Posted - 11/03/2006 :  10:58:32  Show Profile  Reply with Quote
I agree very much with Stryder that accidents are hard things to deal with for TMSers. I fell off my bike two weeks ago, and I got checked out afterwards and my chin stitched up and elbow band-aided -- those were the only visible injuries I had. They checked for any signs of head injury but there weren't any (I was wearing a helmet). But my wrists hurt mildly for a few days, and my right ribs hurt quite badly the first day and still a little the second day, whenever I would breathe deeply. I wondered if I'd broken or bruised a rib, or sprained my wrists. I was constantly monitoring the pain. The day after the accident, after work I came home and I was just exhausted. My boyfriend listened to me talk about the accident and how upsetting it was, and then let me rest and nap while he fixed dinner. The next day I didn't feel like doing anything. I just really needed the rest, even though I'd been able to work the afternoon of the accident and the day after. Luckily nothing came of these other "injuries". I was just sore from the aftermath. But I can see how easily obsessing might have turned them into triggers had I not tried to head it off.
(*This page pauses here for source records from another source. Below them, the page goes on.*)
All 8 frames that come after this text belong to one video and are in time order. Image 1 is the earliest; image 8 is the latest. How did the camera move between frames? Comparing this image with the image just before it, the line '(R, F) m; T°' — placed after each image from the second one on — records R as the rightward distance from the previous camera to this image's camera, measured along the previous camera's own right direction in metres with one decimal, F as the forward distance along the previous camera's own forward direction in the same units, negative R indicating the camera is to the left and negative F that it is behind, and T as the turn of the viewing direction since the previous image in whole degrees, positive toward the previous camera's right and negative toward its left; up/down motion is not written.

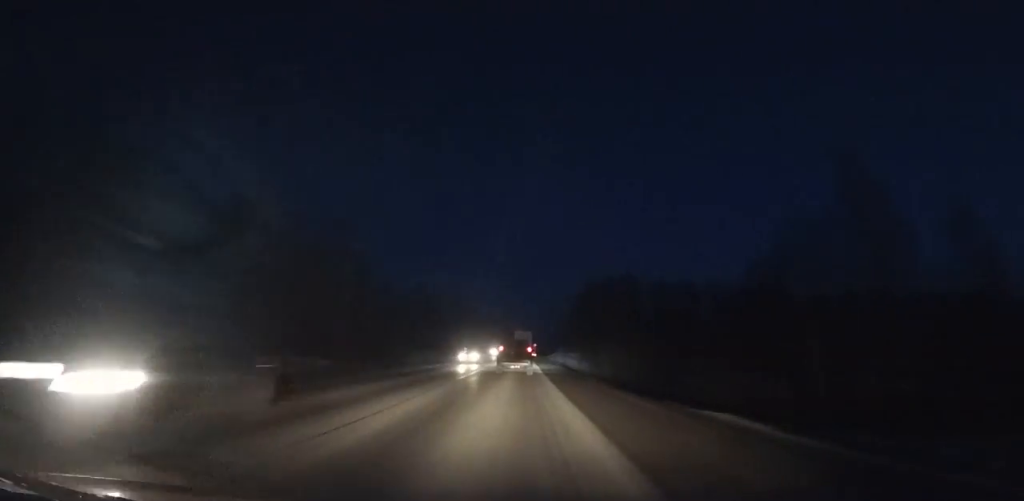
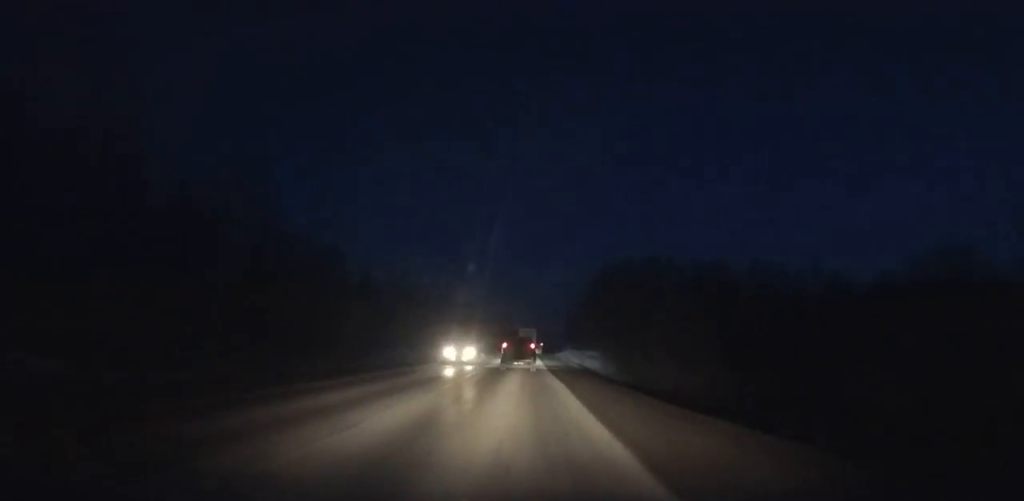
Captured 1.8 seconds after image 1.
(0.0, +22.7) m; 0°
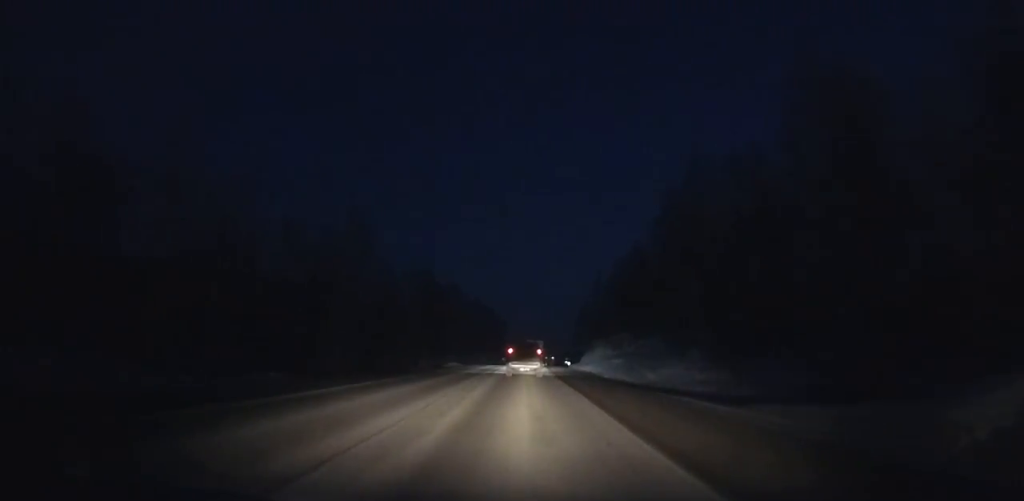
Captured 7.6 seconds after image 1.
(+0.2, +79.0) m; +1°
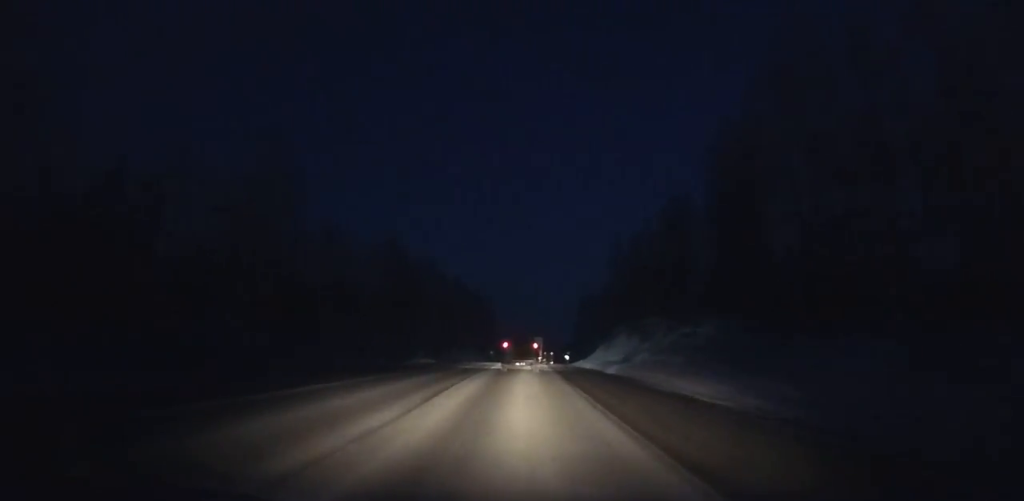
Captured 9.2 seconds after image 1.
(+0.1, +22.7) m; +1°
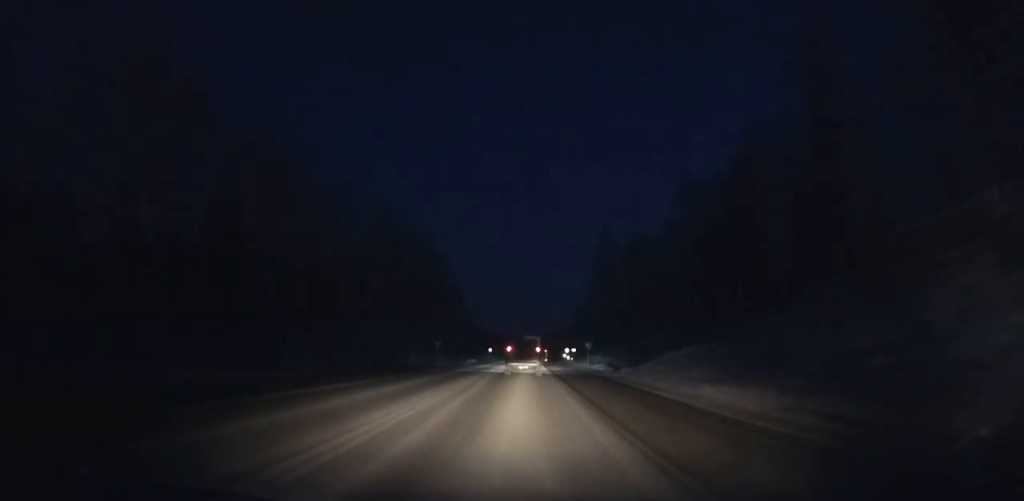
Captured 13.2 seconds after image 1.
(+0.9, +58.1) m; +2°
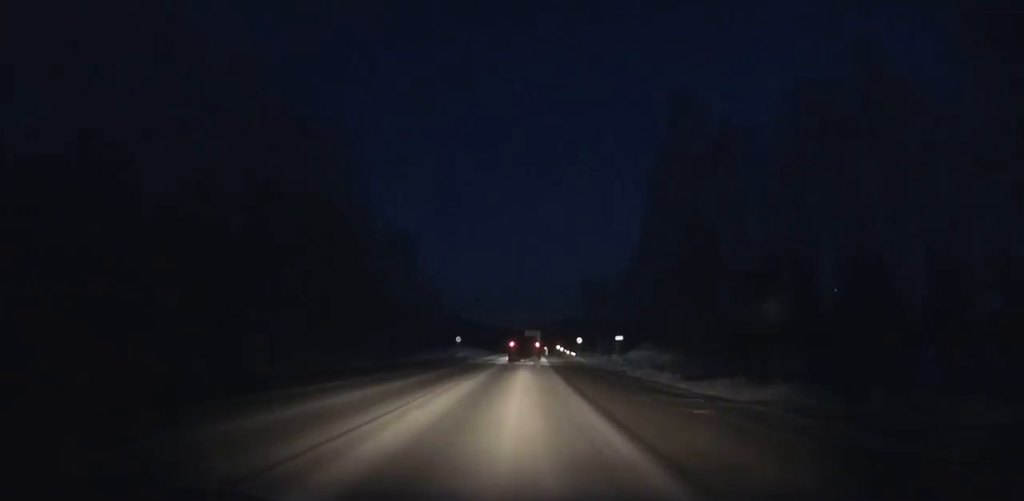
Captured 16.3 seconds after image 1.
(+0.3, +47.4) m; +1°
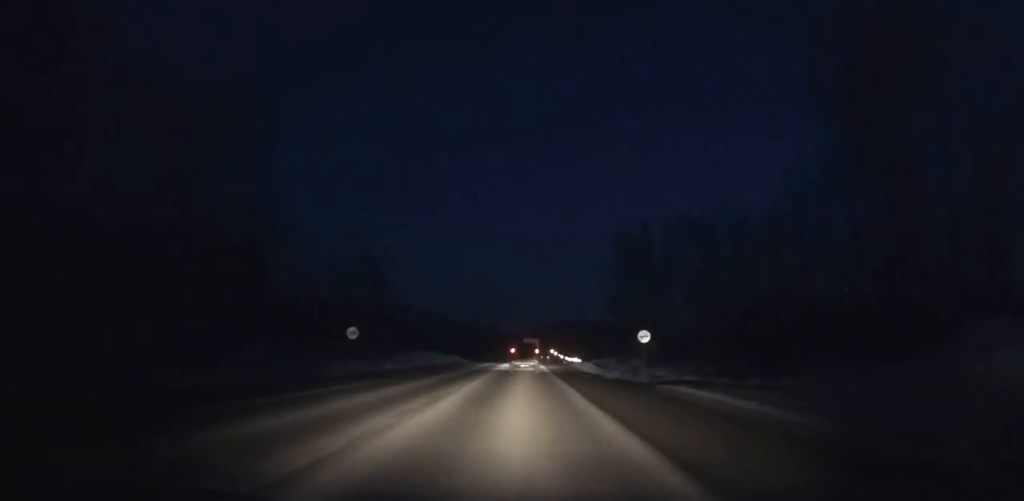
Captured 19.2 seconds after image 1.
(+0.6, +46.7) m; +1°
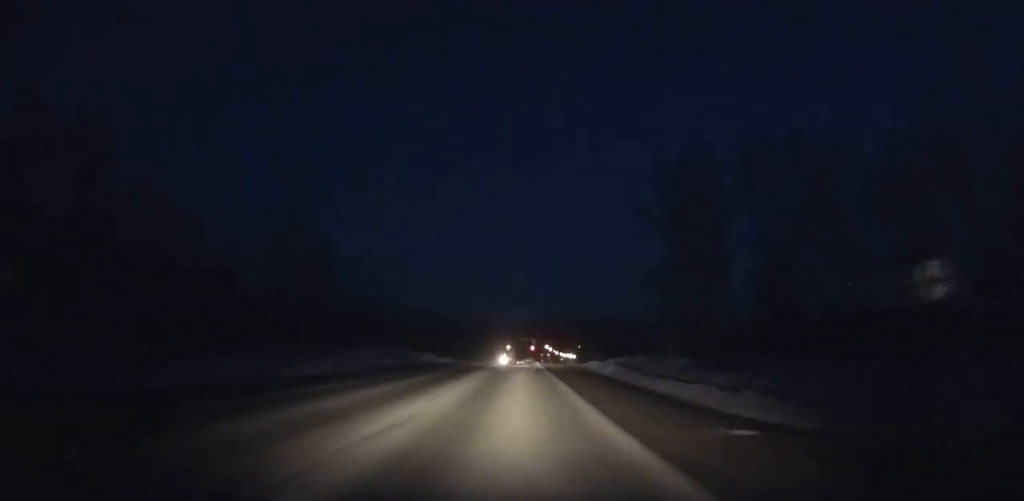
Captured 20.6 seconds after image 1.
(+0.1, +23.5) m; 0°
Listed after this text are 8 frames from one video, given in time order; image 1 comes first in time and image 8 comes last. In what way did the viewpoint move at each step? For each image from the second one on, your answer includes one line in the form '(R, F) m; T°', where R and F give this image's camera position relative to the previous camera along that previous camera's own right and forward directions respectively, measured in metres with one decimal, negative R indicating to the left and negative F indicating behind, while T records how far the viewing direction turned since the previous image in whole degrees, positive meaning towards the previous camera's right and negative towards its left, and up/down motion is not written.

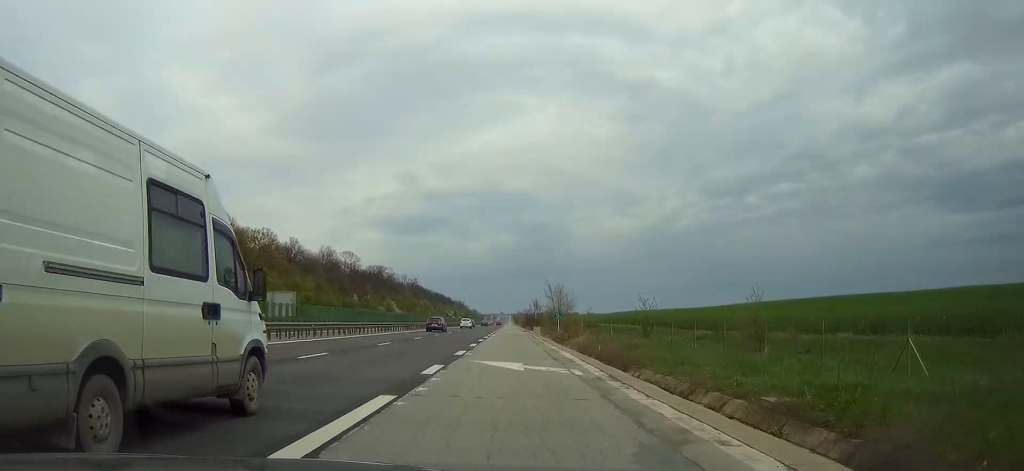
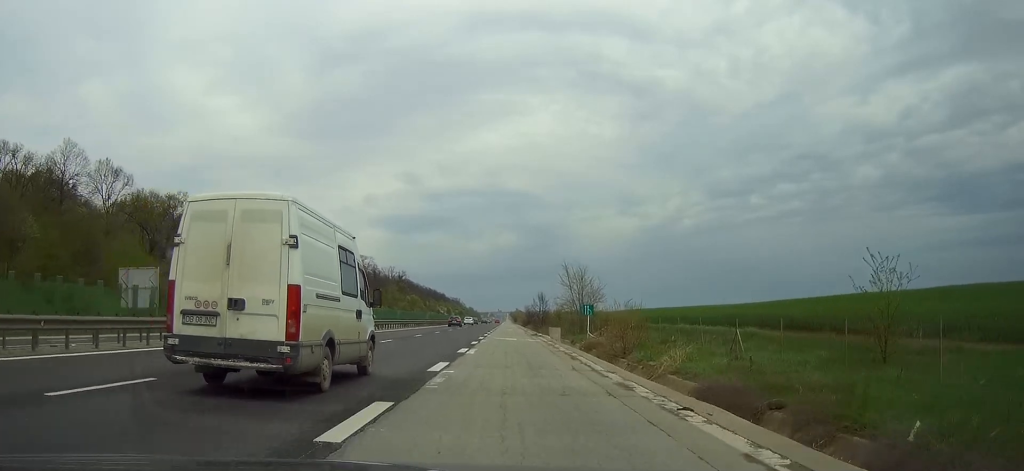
(0.0, +35.8) m; 0°
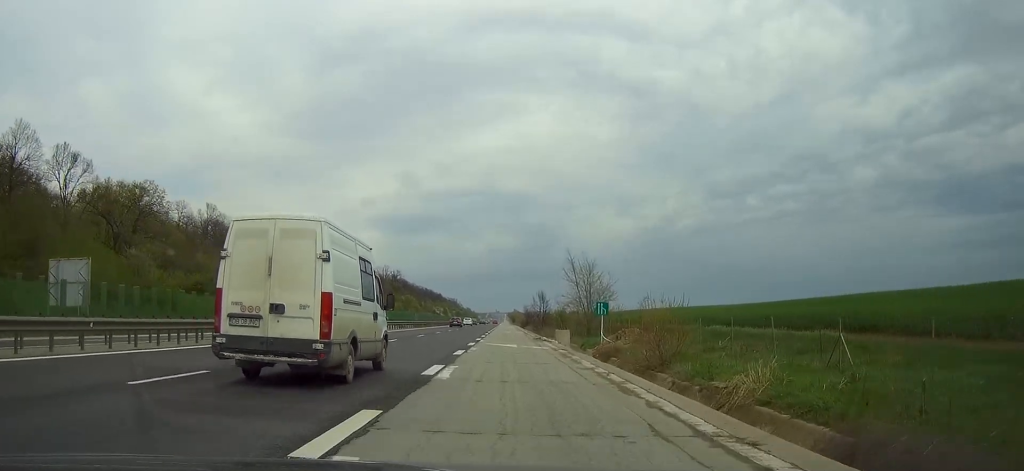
(0.0, +10.1) m; 0°
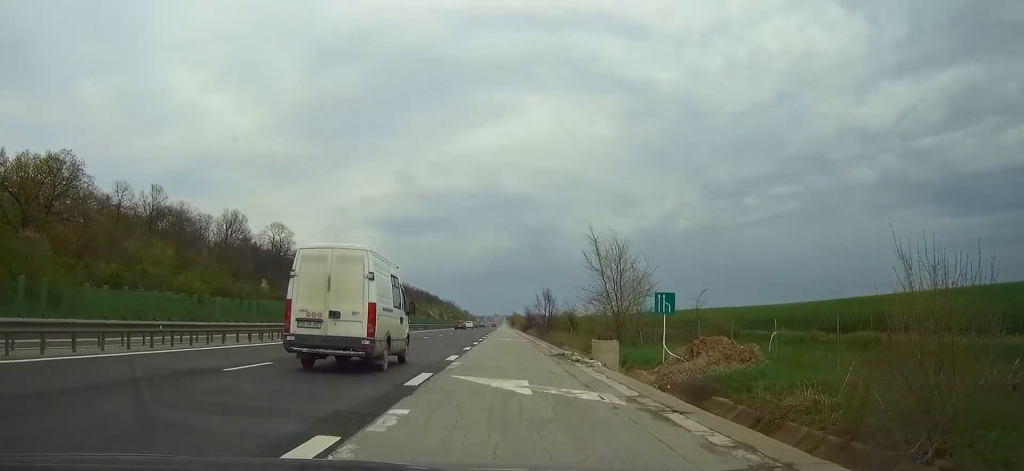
(0.0, +21.2) m; 0°
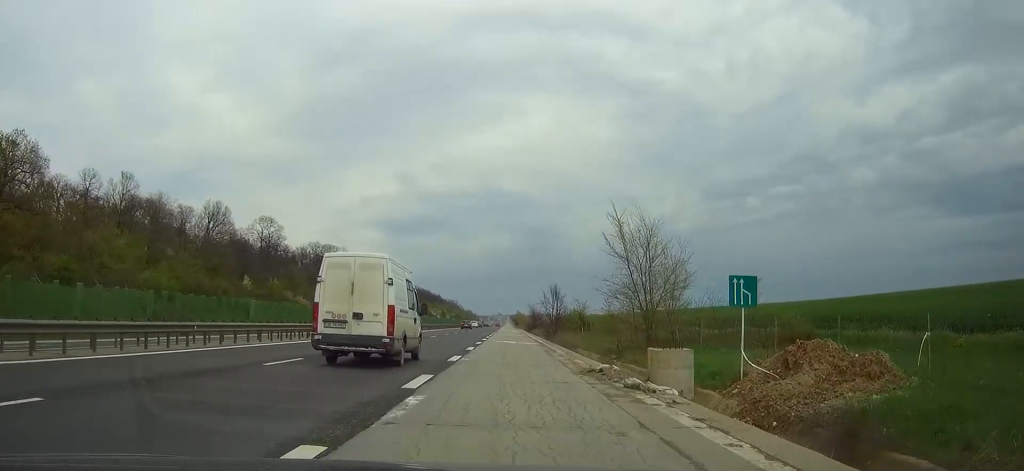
(0.0, +10.3) m; 0°
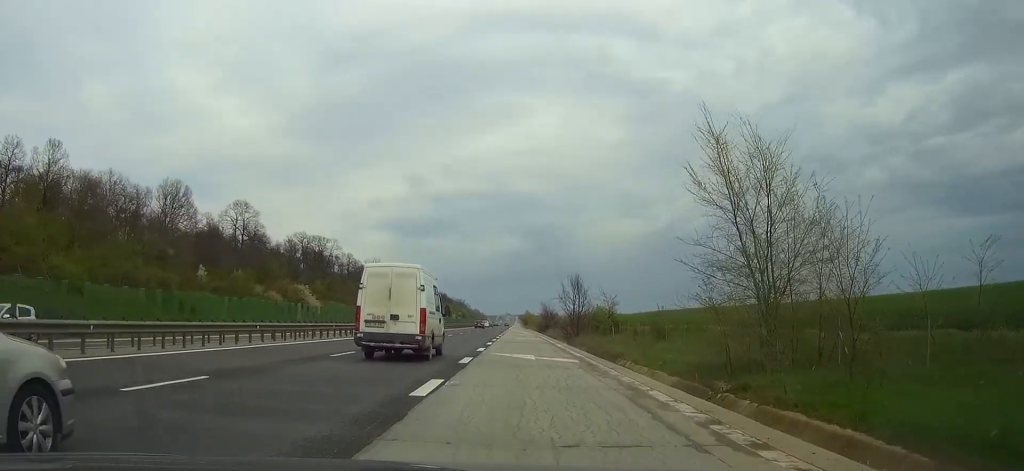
(0.0, +20.1) m; 0°
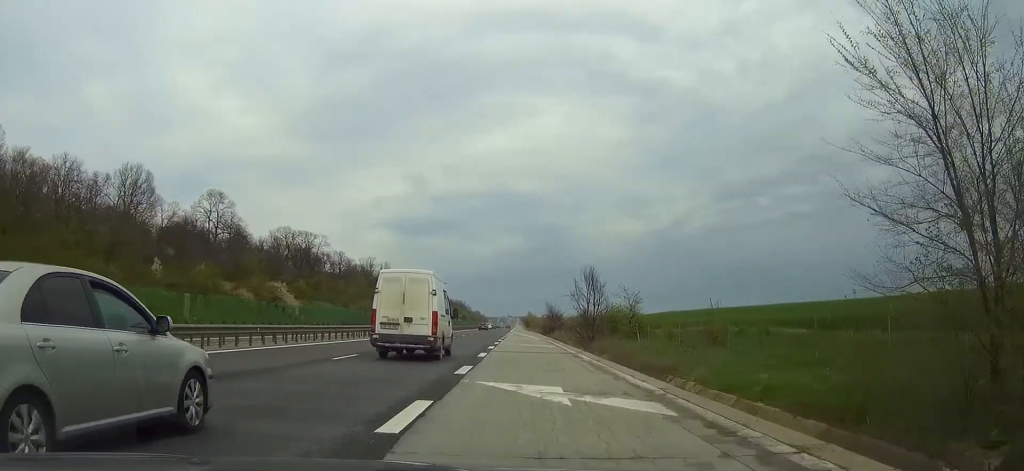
(0.0, +12.8) m; 0°
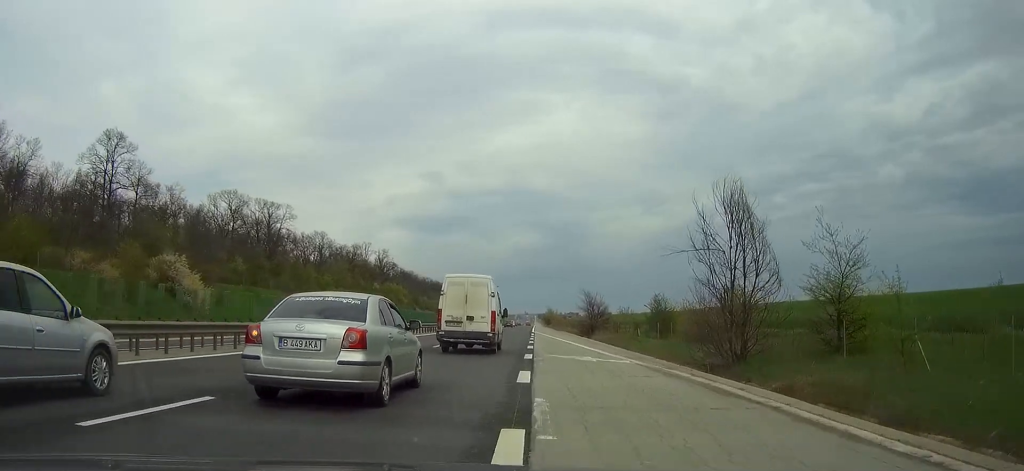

Then two days ago I was in a situation similar to the one that caused my accident. It was fine because it was at low speed and my brakes are working (a brake failure caused the original accident). But I immediately felt extremely scared and ended up crying and feeling like I was reliving the accident.

All this is just to say that accidents are traumatic events for our emotions and for our physical bodies. If I were experiencing symptoms now, I'd be inclined to attribute them to the trauma, that might not be getting fully processed because of its overwhelming nature. And that may be where you are.

--
Wherever you go, there you are.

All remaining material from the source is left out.